[EXERCISE DESCRIPTION]: Nothing but the records, copied exactly and stripped of pictures, should be in the answer.

==== GIVEN RECORDS

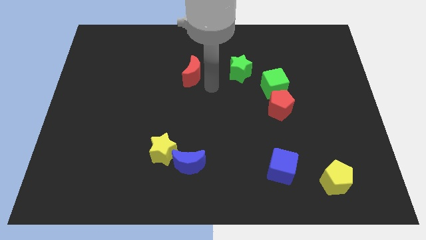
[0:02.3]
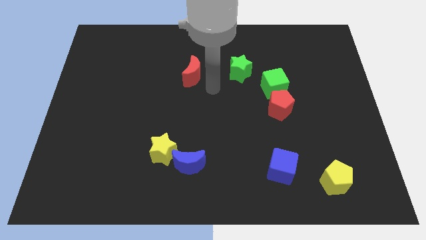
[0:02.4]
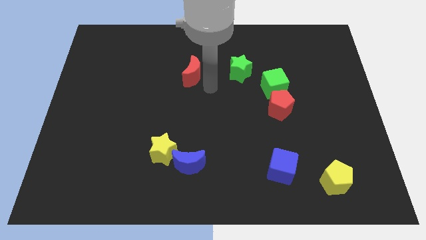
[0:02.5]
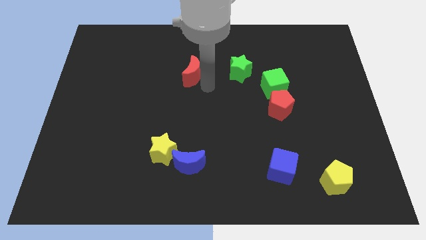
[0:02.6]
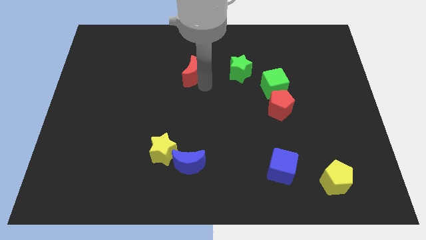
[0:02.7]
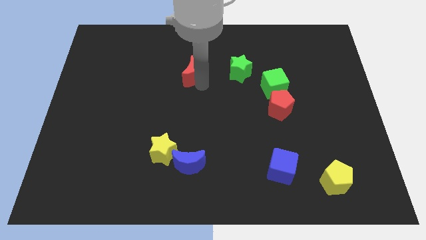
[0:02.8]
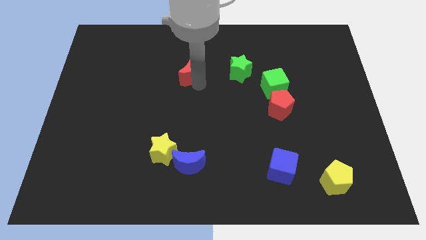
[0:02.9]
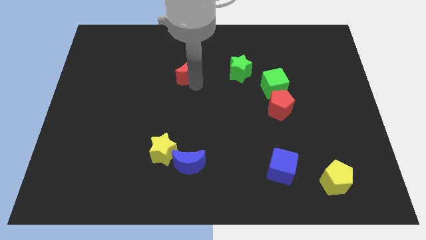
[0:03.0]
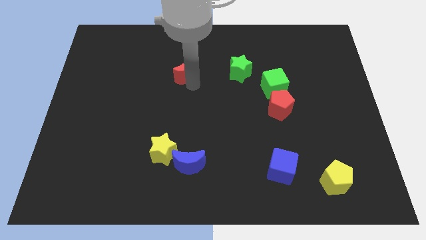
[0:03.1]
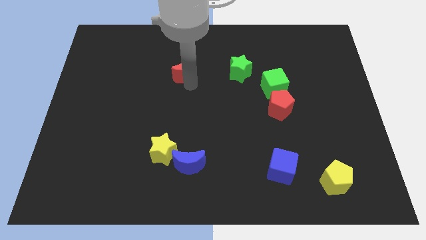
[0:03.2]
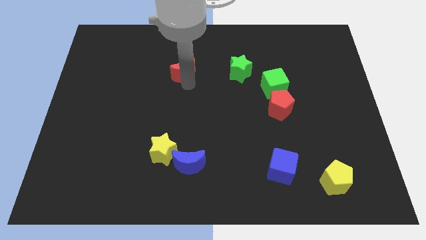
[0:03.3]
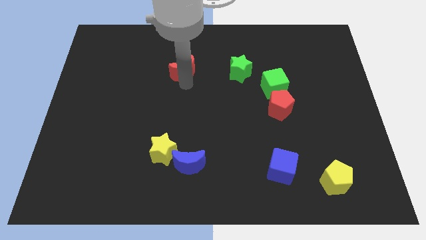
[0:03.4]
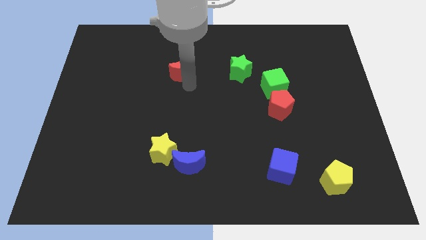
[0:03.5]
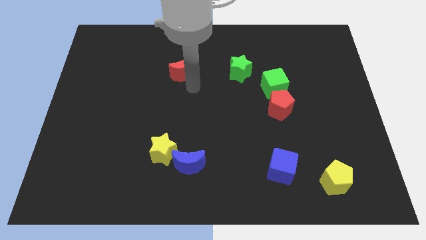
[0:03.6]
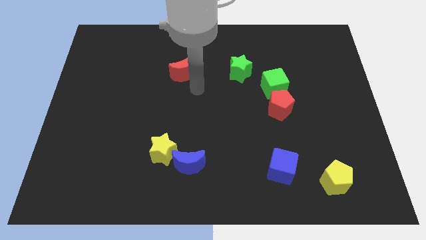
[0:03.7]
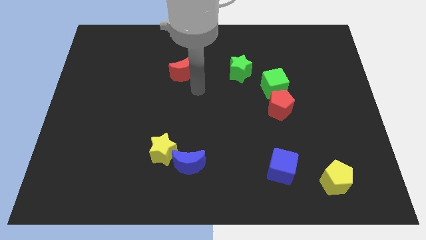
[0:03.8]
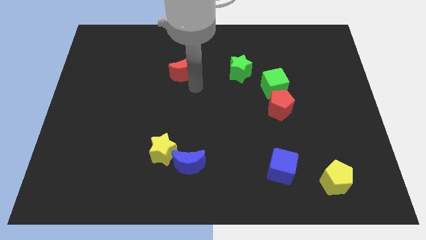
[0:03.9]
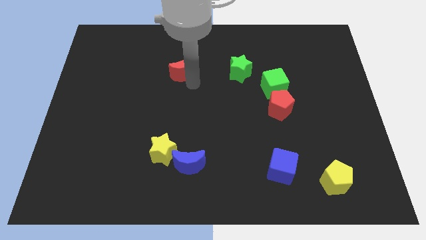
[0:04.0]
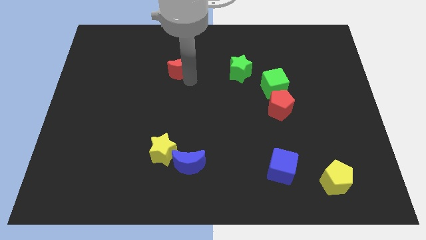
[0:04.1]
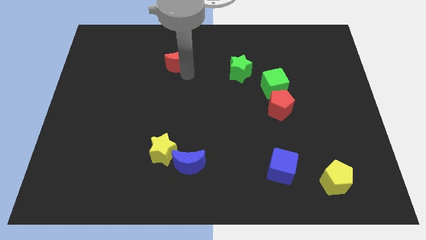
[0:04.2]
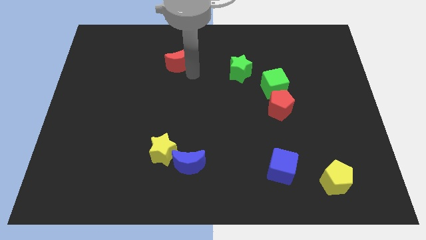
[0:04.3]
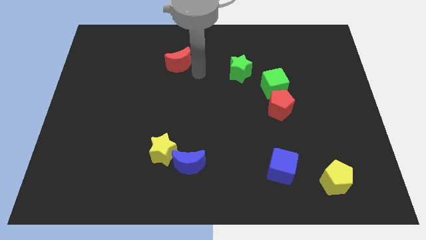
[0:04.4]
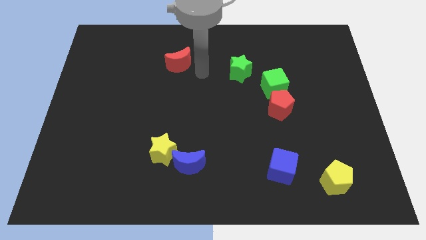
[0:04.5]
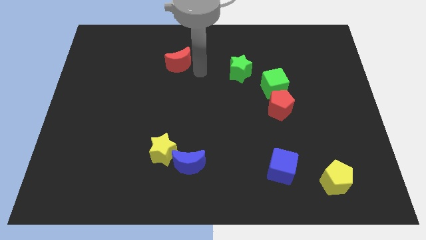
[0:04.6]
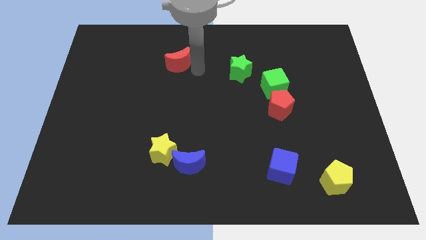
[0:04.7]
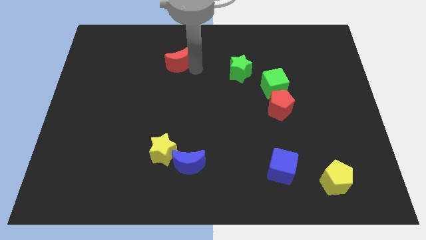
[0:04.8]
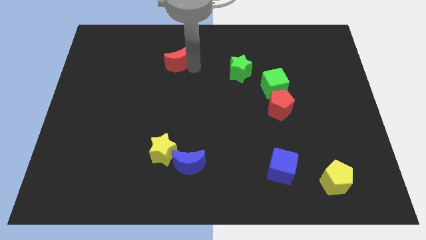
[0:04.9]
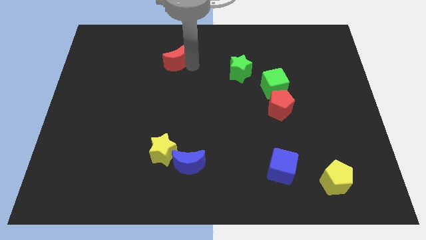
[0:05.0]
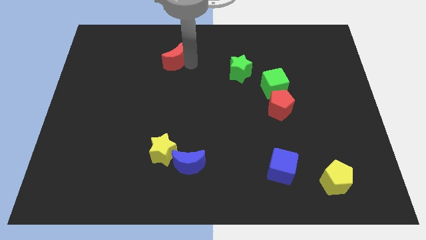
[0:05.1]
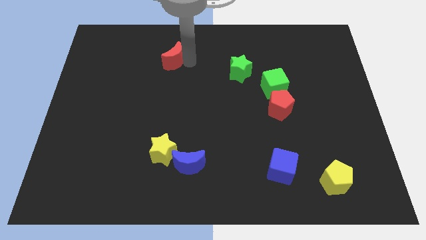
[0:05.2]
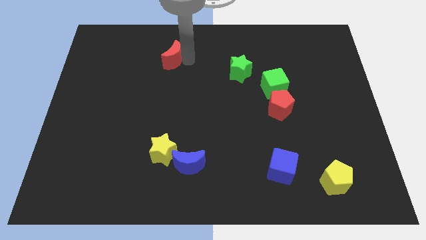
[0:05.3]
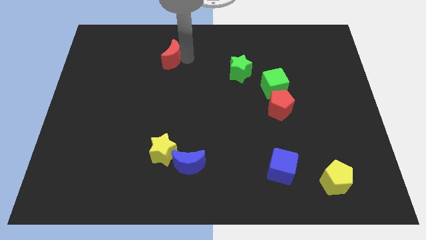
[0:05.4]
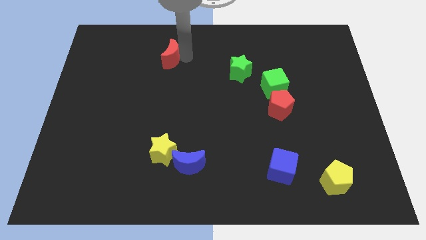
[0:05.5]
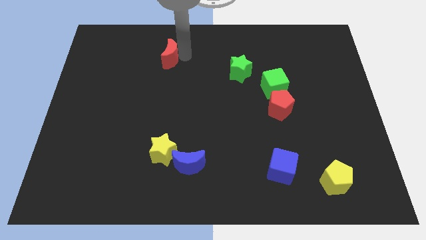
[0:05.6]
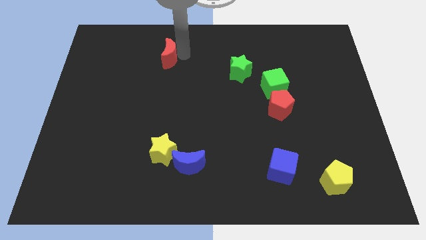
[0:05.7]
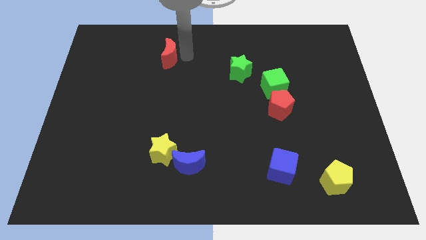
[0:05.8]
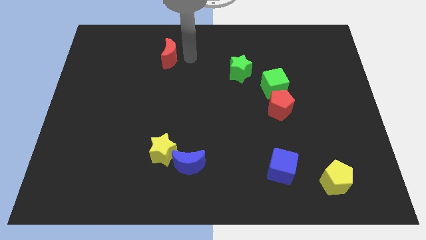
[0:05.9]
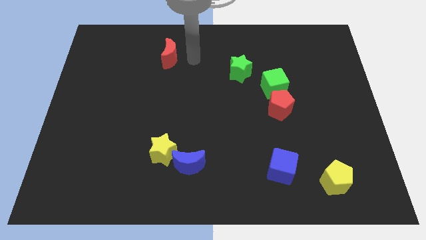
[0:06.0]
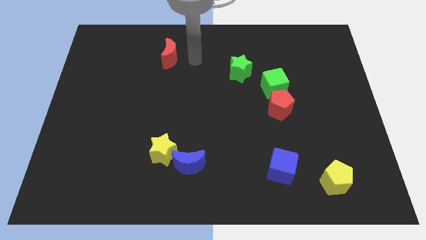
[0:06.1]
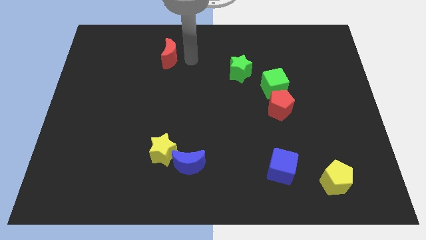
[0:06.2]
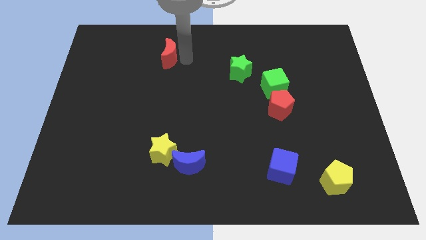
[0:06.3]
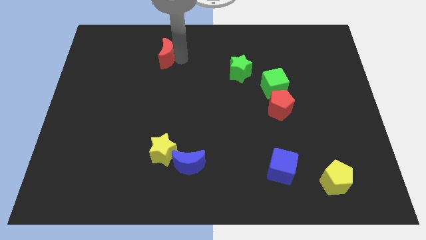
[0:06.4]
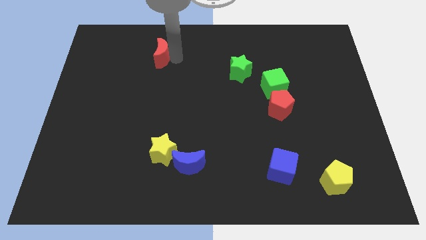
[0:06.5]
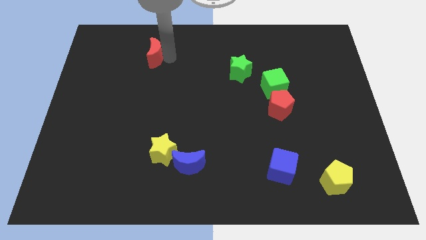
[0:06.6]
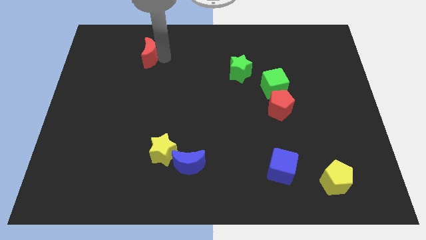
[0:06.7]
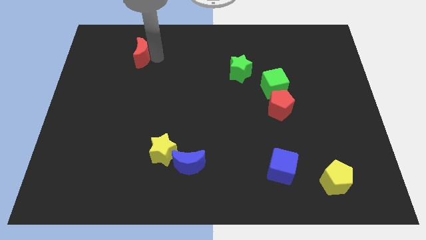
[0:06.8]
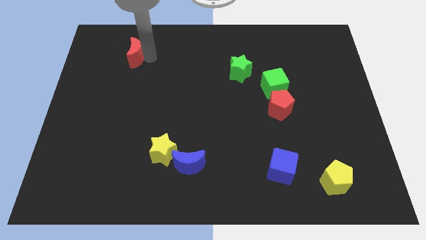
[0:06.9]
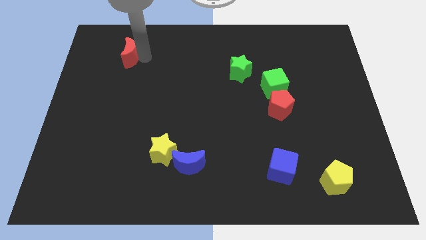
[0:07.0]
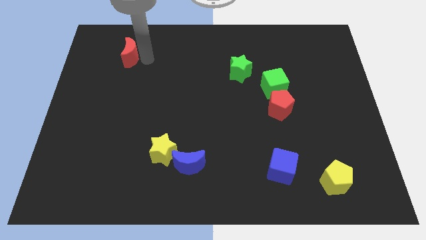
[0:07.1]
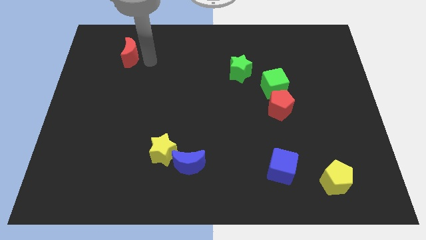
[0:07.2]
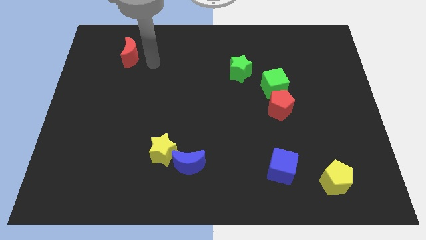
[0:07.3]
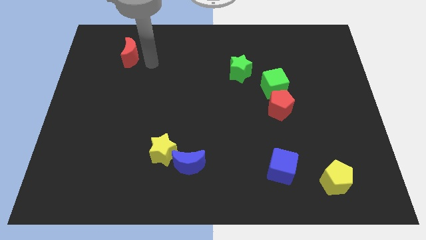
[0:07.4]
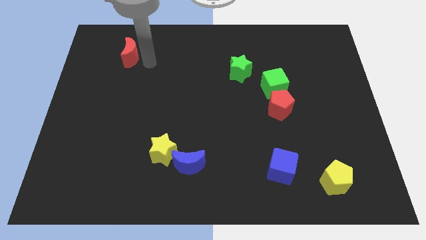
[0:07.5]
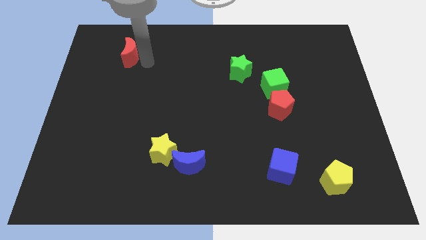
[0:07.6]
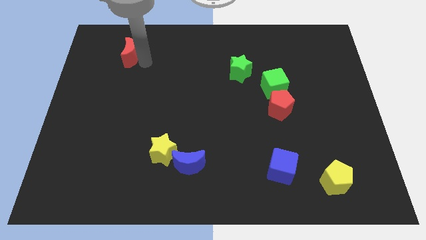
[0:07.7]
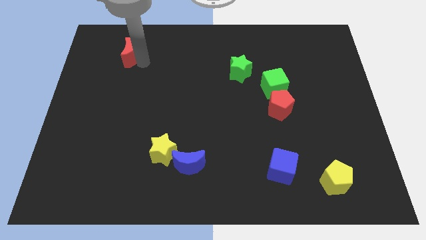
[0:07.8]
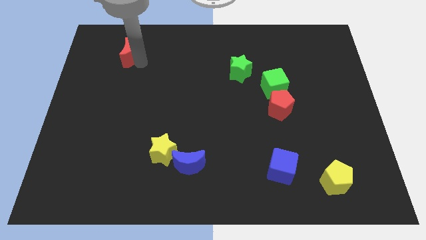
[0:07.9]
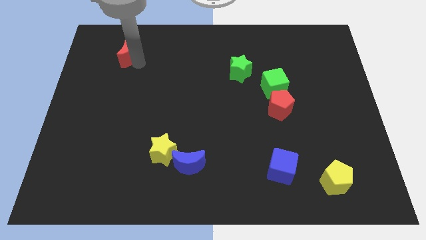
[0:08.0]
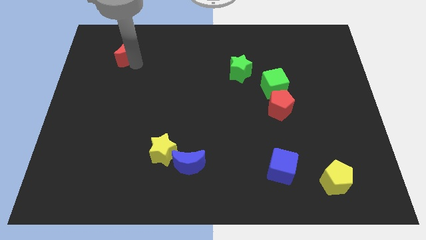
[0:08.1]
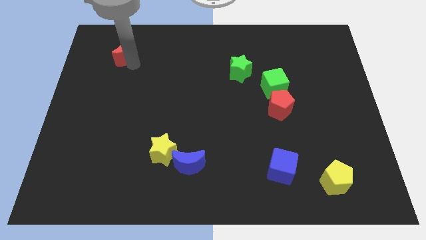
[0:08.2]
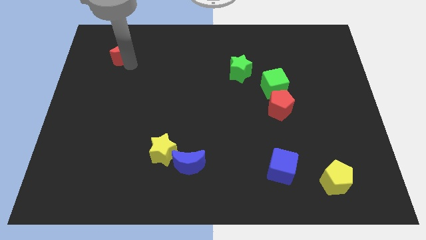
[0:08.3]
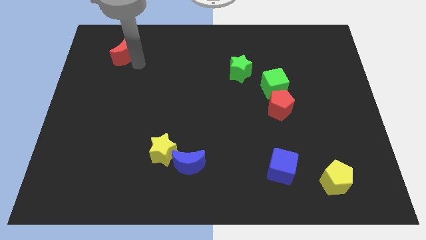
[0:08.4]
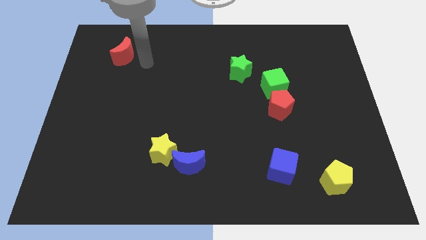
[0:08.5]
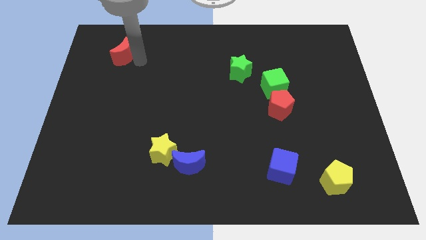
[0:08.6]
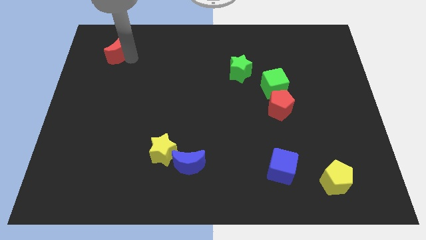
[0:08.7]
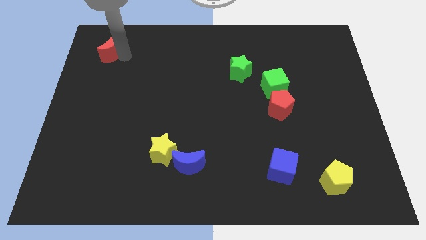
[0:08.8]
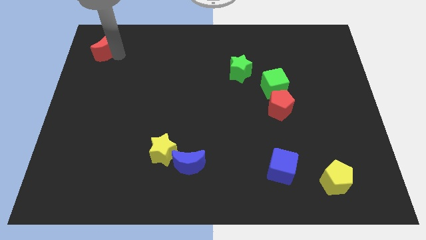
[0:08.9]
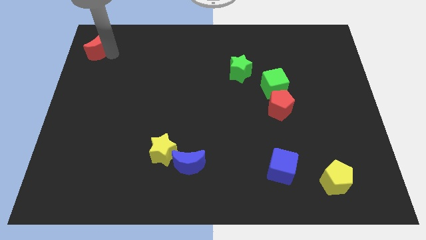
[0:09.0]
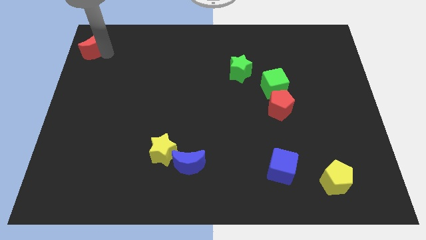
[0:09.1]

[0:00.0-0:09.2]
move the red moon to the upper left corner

========

[EXERCISE ANSWER]:
[0:02.3]
[0:02.4]
[0:02.5]
[0:02.6]
[0:02.7]
[0:02.8]
[0:02.9]
[0:03.0]
[0:03.1]
[0:03.2]
[0:03.3]
[0:03.4]
[0:03.5]
[0:03.6]
[0:03.7]
[0:03.8]
[0:03.9]
[0:04.0]
[0:04.1]
[0:04.2]
[0:04.3]
[0:04.4]
[0:04.5]
[0:04.6]
[0:04.7]
[0:04.8]
[0:04.9]
[0:05.0]
[0:05.1]
[0:05.2]
[0:05.3]
[0:05.4]
[0:05.5]
[0:05.6]
[0:05.7]
[0:05.8]
[0:05.9]
[0:06.0]
[0:06.1]
[0:06.2]
[0:06.3]
[0:06.4]
[0:06.5]
[0:06.6]
[0:06.7]
[0:06.8]
[0:06.9]
[0:07.0]
[0:07.1]
[0:07.2]
[0:07.3]
[0:07.4]
[0:07.5]
[0:07.6]
[0:07.7]
[0:07.8]
[0:07.9]
[0:08.0]
[0:08.1]
[0:08.2]
[0:08.3]
[0:08.4]
[0:08.5]
[0:08.6]
[0:08.7]
[0:08.8]
[0:08.9]
[0:09.0]
[0:09.1]

[0:00.0-0:09.2]
move the red moon to the upper left corner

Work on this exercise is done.